U.S. Army press officers in London had insisted that Lieut. General Lesley J. Mc-Nair, trainer of the Army’s ground fight ing forces, had been killed by the enemy. But too many-people knew better, and last week the tragic truth came out. Able, respected “Whitey” McNair had been killed by a bomb dropped from a U.S. plane.
Like many a plain front-line G.I., General McNair was hit by a wild salvo dropped in the heavy air preparations for the Normandy breakthrough (see WORLD BATTLEFRONTS).
Death from the errors of fellow soldiers is an old story in war—especially in combat involving aircraft. But few officers of such high rank have died that way.
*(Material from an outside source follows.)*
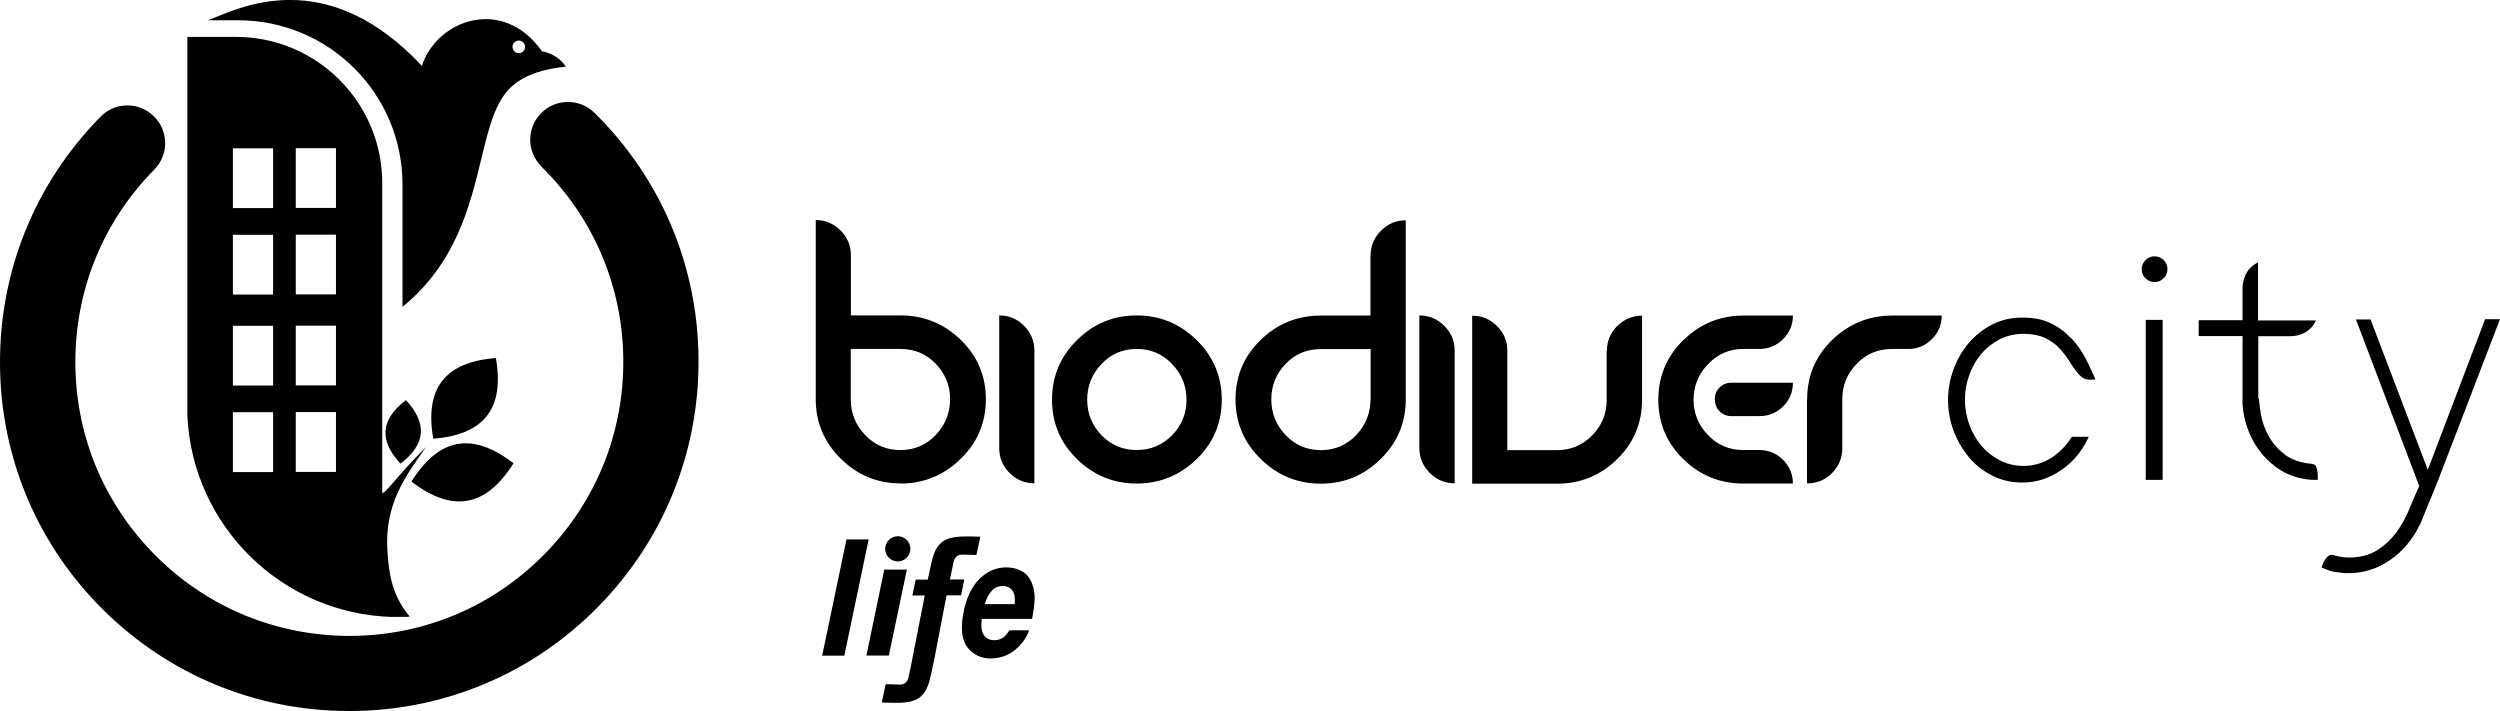 <?xml version="1.0" encoding="UTF-8"?><svg id="Layer_2" xmlns="http://www.w3.org/2000/svg" viewBox="0 0 198.38 56.45"><defs><style>.cls-1{fill-rule:evenodd;stroke-width:0px;}</style></defs><g id="Layer_1-2"><path class="cls-1" d="m31.94,14.63v9.72c4.24-3.46,5.35-8.01,6.25-11.73.6-2.49,1.12-4.6,2.42-5.76,1.1-.99,2.71-1.42,4.3-1.57-.77-1.11-1.89-1.21-1.89-1.21-3.18-4.48-8.41-2.43-9.54,1.15C26.33-2.42,19.78.27,17.2,1.33h0c-.26.11-.48.2-.65.26v.02h2.36c7.19,0,13.03,5.83,13.03,13.03h0Zm9.23-11.41c.28,0,.5.23.5.5s-.23.5-.5.5-.5-.22-.5-.5.23-.5.5-.5Zm30.29,35.15c1.84,0,3.43-.65,4.77-1.96,1.34-1.3,2-2.88,2-4.73s-.66-3.41-1.99-4.71c-1.33-1.29-2.92-1.94-4.77-1.94h-3.95v-4.77c0-.77-.27-1.42-.82-1.97-.55-.55-1.21-.83-1.97-.83v14.21c0,1.84.66,3.42,1.99,4.73,1.33,1.31,2.91,1.96,4.75,1.96h0Zm-3.95-10.68h3.94c1.1,0,2.04.38,2.8,1.17.76.79,1.14,1.73,1.14,2.82s-.38,2.04-1.14,2.84c-.76.8-1.69,1.19-2.8,1.19s-2.04-.39-2.8-1.19c-.76-.8-1.14-1.74-1.14-2.84v-3.99Zm41.24-7.42v4.77h-3.95c-1.85,0-3.45.65-4.77,1.94-1.33,1.29-1.99,2.87-1.99,4.71s.66,3.42,2,4.73c1.34,1.31,2.92,1.96,4.77,1.96s3.42-.65,4.75-1.96c1.33-1.31,1.99-2.88,1.99-4.73v-14.21c-.77,0-1.42.28-1.97.83-.55.55-.82,1.21-.82,1.97h0Zm0,11.42c0,1.1-.38,2.04-1.14,2.84-.76.79-1.69,1.19-2.79,1.19s-2.04-.39-2.8-1.19c-.76-.8-1.14-1.74-1.14-2.84s.39-2.04,1.14-2.82c.76-.79,1.69-1.17,2.8-1.17h3.94v3.99Zm-29.46,3.87v-10.53c.77,0,1.42.27,1.97.82.54.55.82,1.21.82,1.97v10.53c-.77,0-1.42-.27-1.97-.82s-.82-1.21-.82-1.97Zm10.91-10.53c-1.84,0-3.42.65-4.74,1.96-1.32,1.3-1.98,2.88-1.98,4.73s.66,3.42,1.98,4.71c1.32,1.29,2.91,1.94,4.74,1.94s3.43-.65,4.76-1.94c1.33-1.29,1.99-2.87,1.99-4.71s-.66-3.42-1.99-4.73c-1.33-1.31-2.92-1.96-4.76-1.96Zm2.8,9.51c-.77.78-1.7,1.17-2.8,1.17s-2.03-.39-2.79-1.17c-.76-.79-1.14-1.73-1.14-2.82s.38-2.04,1.14-2.84c.76-.8,1.69-1.19,2.79-1.19s2.04.39,2.8,1.19c.77.8,1.15,1.74,1.15,2.84s-.38,2.04-1.15,2.82Zm19.63,1.02v-10.53c.77,0,1.42.27,1.97.82.56.55.83,1.21.83,1.97v10.53c-.77,0-1.42-.27-1.97-.82-.56-.55-.83-1.21-.83-1.97Zm14.86-7.72v3.89c0,1.1-.38,2.04-1.15,2.82-.77.78-1.69,1.17-2.8,1.17h-3.93v-7.88c0-.77-.27-1.42-.82-1.97-.55-.55-1.21-.82-1.97-.82v13.33h6.74c1.85,0,3.44-.65,4.76-1.94,1.32-1.29,1.98-2.87,1.98-4.71v-6.68c-.77,0-1.42.28-1.97.82-.55.55-.82,1.21-.82,1.97h0Zm8.58,3.87c0-.38.12-.7.38-.96.25-.25.56-.38.94-.38h4.88c0,.73-.25,1.36-.78,1.88-.52.52-1.15.77-1.89.77h-2.21c-.37,0-.68-.12-.93-.38-.26-.25-.38-.55-.38-.93Zm-2.5-4.72c-1.32,1.3-1.98,2.88-1.98,4.73s.66,3.42,1.98,4.71c1.32,1.29,2.91,1.94,4.75,1.94h3.95c0-.73-.26-1.35-.78-1.88-.52-.52-1.15-.78-1.89-.78h-1.28c-1.08,0-2.02-.39-2.78-1.18-.77-.79-1.15-1.73-1.15-2.81s.38-2.04,1.15-2.83c.77-.8,1.69-1.2,2.78-1.2h1.28c.73,0,1.36-.26,1.89-.78.52-.52.78-1.14.78-1.87h-3.95c-1.84,0-3.42.66-4.75,1.96h0Zm9.83,4.69c0-1.84.66-3.42,1.99-4.71h0c1.33-1.28,2.92-1.93,4.76-1.93h3.93c0,.73-.26,1.35-.78,1.87-.52.52-1.15.78-1.88.78h-1.28c-1.1,0-2.04.38-2.8,1.17-.77.78-1.15,1.72-1.15,2.82v3.89c0,.76-.27,1.42-.82,1.97-.55.55-1.21.82-1.98.82v-6.68Zm20.91-4.87c-.46-.49-1-.89-1.62-1.18-.61-.29-1.35-.43-2.21-.43s-1.65.17-2.37.54c-.73.37-1.35.86-1.87,1.46-.52.6-.93,1.31-1.22,2.1-.29.79-.44,1.61-.44,2.44s.15,1.66.44,2.44c.3.79.71,1.49,1.22,2.11.51.6,1.13,1.09,1.87,1.46.71.36,1.51.54,2.37.54.65,0,1.28-.11,1.86-.34.59-.23,1.14-.55,1.63-.95.49-.4.92-.87,1.27-1.42.19-.29.36-.6.51-.92h-1.34c-.37.59-.84,1.1-1.41,1.52-.73.52-1.54.79-2.42.79-.71,0-1.37-.16-1.96-.48-.57-.31-1.07-.71-1.46-1.21-.39-.48-.7-1.04-.92-1.67-.21-.61-.32-1.25-.32-1.89s.1-1.27.32-1.89c.21-.62.52-1.18.91-1.66.39-.49.89-.9,1.46-1.21.59-.31,1.25-.47,1.96-.47.66,0,1.23.11,1.7.32.45.22.85.5,1.15.83.29.31.54.64.76.98.18.3.38.58.57.84.16.21.34.39.53.52.14.1.35.15.62.15.12,0,.25,0,.38-.03-.23-.52-.47-1.04-.72-1.54-.34-.67-.76-1.27-1.24-1.77Zm5.94-6.17c.2-.2.44-.3.72-.3s.51.1.72.3c.2.2.3.43.3.72s-.1.52-.3.72c-.2.2-.43.3-.72.3s-.52-.1-.72-.3c-.2-.2-.3-.43-.3-.72s.1-.52.3-.72Zm1.36,4.74h-1.34v12.7h1.34v-12.7Zm9.64,10.65c.53.41,1.2.66,1.97.75h0c.29.02.5.09.54.17.1.23.17.54.16.92v.21h-.26c-.43,0-.87-.07-1.35-.19-.62-.17-1.2-.45-1.7-.82-.51-.38-.98-.84-1.36-1.36-.38-.52-.68-1.09-.9-1.71-.22-.62-.36-1.27-.4-1.91v-5.42h-3.48v-1.26h3.48v-2.49c0-.3.05-.59.14-.86.09-.27.21-.5.38-.7.17-.2.38-.36.61-.49.03,0,.1-.04.1-.04v4.6h4.59s-.04.08-.05.11c-.12.24-.28.44-.48.61-.2.18-.43.31-.69.39-.27.1-.57.14-.86.14h-2.49v4.96h.05c.03.39.08.79.15,1.18.11.65.32,1.25.63,1.79.31.56.72,1.04,1.24,1.42Zm15.94-10.68l-4.54,11.93-4.54-11.93h-1.16l5.02,13.22-.09.2c-.24.52-.47,1.07-.7,1.63h0s-.05.12-.05.12c-.28.65-.62,1.25-1,1.76-.41.55-.91,1.01-1.48,1.37-.61.38-1.36.59-2.23.59-.37,0-.72-.04-1.13-.16h-.02s-.09-.04-.21-.06c-.17,0-.24.05-.27.07h0c-.11.08-.21.19-.29.32-.1.16-.19.33-.25.52,0,.01-.01.03-.02.04,0,.01,0,.02-.01.03h0s0,.02,0,.02h0c.3.15.63.27.97.35l.59.08c.09.01.18.02.26.03h.05s.08,0,.13,0c.05,0,.11,0,.17,0,.59,0,1.16-.09,1.72-.27.56-.17,1.08-.45,1.56-.78.49-.34.94-.74,1.31-1.19.38-.45.72-.95.97-1.48l.1-.17,1.37-3.35,4.96-12.91h-1.16l-.02.02Zm-157.84,3.06c-4.04.31-5.67,2.41-4.97,6.4,4.04-.31,5.67-2.41,4.97-6.4Zm-7.57,8.38c2.01-1.54,2.15-3.19.43-5.04-2.01,1.54-2.15,3.19-.43,5.04Zm.87,1.42c3.26,2.51,5.91,2.03,8.1-1.45-3.26-2.51-5.91-2.04-8.1,1.45Zm10.32-25c-1.18-1.15-1.2-3.05-.03-4.23h0c1.15-1.17,3.05-1.19,4.23-.03,5.28,5.2,8.21,12.14,8.26,19.54s-2.78,14.39-7.98,19.67c-5.2,5.28-12.14,8.21-19.54,8.26h-.21c-7.33,0-14.23-2.83-19.46-7.98C2.99,43.27.05,36.34,0,28.93c-.05-7.41,2.78-14.39,7.98-19.67,1.15-1.18,3.05-1.2,4.23-.03,1.18,1.15,1.2,3.05.03,4.23-4.08,4.13-6.3,9.61-6.26,15.42.04,5.81,2.35,11.25,6.48,15.32,4.13,4.08,9.61,6.29,15.42,6.26,5.81-.04,11.25-2.34,15.32-6.48,4.08-4.14,6.3-9.61,6.26-15.42-.04-5.8-2.34-11.24-6.48-15.32Zm-11.77,35.74h.83c.17,0,.32,0,.49-.02-1.44-1.68-1.68-3.52-1.78-5.27-.22-3.56,1.34-5.77,3.07-8.19-1.22,1.21-1.97,2.09-2.49,2.69h0c-.47.54-.74.86-.99.99V14.52c0-6.4-5.2-11.59-11.6-11.59h-3.86v30.09c.42,8.75,7.54,15.73,16.34,15.94h0Zm-7.73-37.19h3.19v4.74h-3.19v-4.74Zm0,6.86h3.19v4.74h-3.19v-4.74Zm0,7.22h3.19v4.74h-3.19v-4.74Zm0,6.86h3.19v4.75h-3.19v-4.75Zm-4.99-20.93h3.19v4.74h-3.19v-4.74Zm0,6.86h3.19v4.74h-3.19v-4.74Zm0,7.22h3.19v4.74h-3.19v-4.74Zm0,6.86h3.19v4.75h-3.19v-4.75Zm46.76,19.32l1.93-9.23h1.76l-1.93,9.23h-1.76Zm6.72-6.83h-1.79l-1.42,6.82h1.78l1.43-6.82Zm7.88-.18c.49,0,.91.11,1.26.32h.03c.35.22.61.55.78,1.01.16.4.22.87.18,1.41-.02.31-.08.77-.19,1.35h-3.99c-.1.68,0,1.16.29,1.44.17.17.41.25.71.25.31,0,.59-.1.82-.31.12-.11.24-.27.37-.47h1.56c-.12.4-.38.81-.77,1.23-.62.66-1.38,1-2.28,1-.74,0-1.35-.28-1.81-.84-.47-.57-.59-1.48-.36-2.73.21-1.18.64-2.09,1.26-2.72.62-.63,1.35-.94,2.16-.94Zm-1.7,2.92h2.37c.06-.46,0-.82-.17-1.07-.17-.24-.43-.37-.75-.37-.36,0-.66.12-.89.38-.24.25-.42.6-.55,1.05Zm-2.76-1.97c.03-.13.1-.46.16-.77h0c.07-.31.13-.6.14-.66.03-.13.1-.25.21-.37.11-.11.29-.17.52-.16.24,0,.97.02,1.07.03l.31-1.45c-.09-.01-.37-.01-.6-.02-.16,0-.3,0-.34,0-.09,0-.19,0-.3,0-.98,0-1.63.2-1.97.61-.3.28-.52.78-.68,1.51l-.28,1.3h-.96l-.26,1.26h.98l-1.1,5.61c-.09.38-.18.85-.2.93-.03.13-.1.25-.21.37s-.29.17-.52.16c-.23,0-.97-.02-1.07-.03l-.31,1.45c.16.02.86.03.94.03.04,0,.09,0,.13,0h0c.05,0,.11,0,.16,0,.98,0,1.63-.2,1.97-.61.3-.28.52-.78.68-1.51l.28-1.3.98-5.11h1.15l.26-1.26h-1.15Zm-4.14-1.42c-.55,0-1-.45-1-1s.45-1,1-1,1,.45,1,1-.45,1-1,1Z"/></g></svg>

Most memorable accident in U.S. military history: the death of General Thomas (“Stonewall”) Jackson, who was shot by his North Carolinians as he galloped at dusk through a grove of trees at Chancellorsville.
When his aides asked the mortally wounded Jackson if he was badly hurt, he answered with an air of wonderment but no bitterness: “I think I am—and all my wounds are from my own men.” Supreme Headquarters’ report included no dying words from Whitey McNair, a thoroughgoing professional soldier who must also have died without bitterness.
Whitey McNair left an only son to carry on. This week the War Department announced that redheaded, 37-year-old Colonel Douglas McNair, a West Pointer and an artilleryman like his father, had been killed in action on Guam.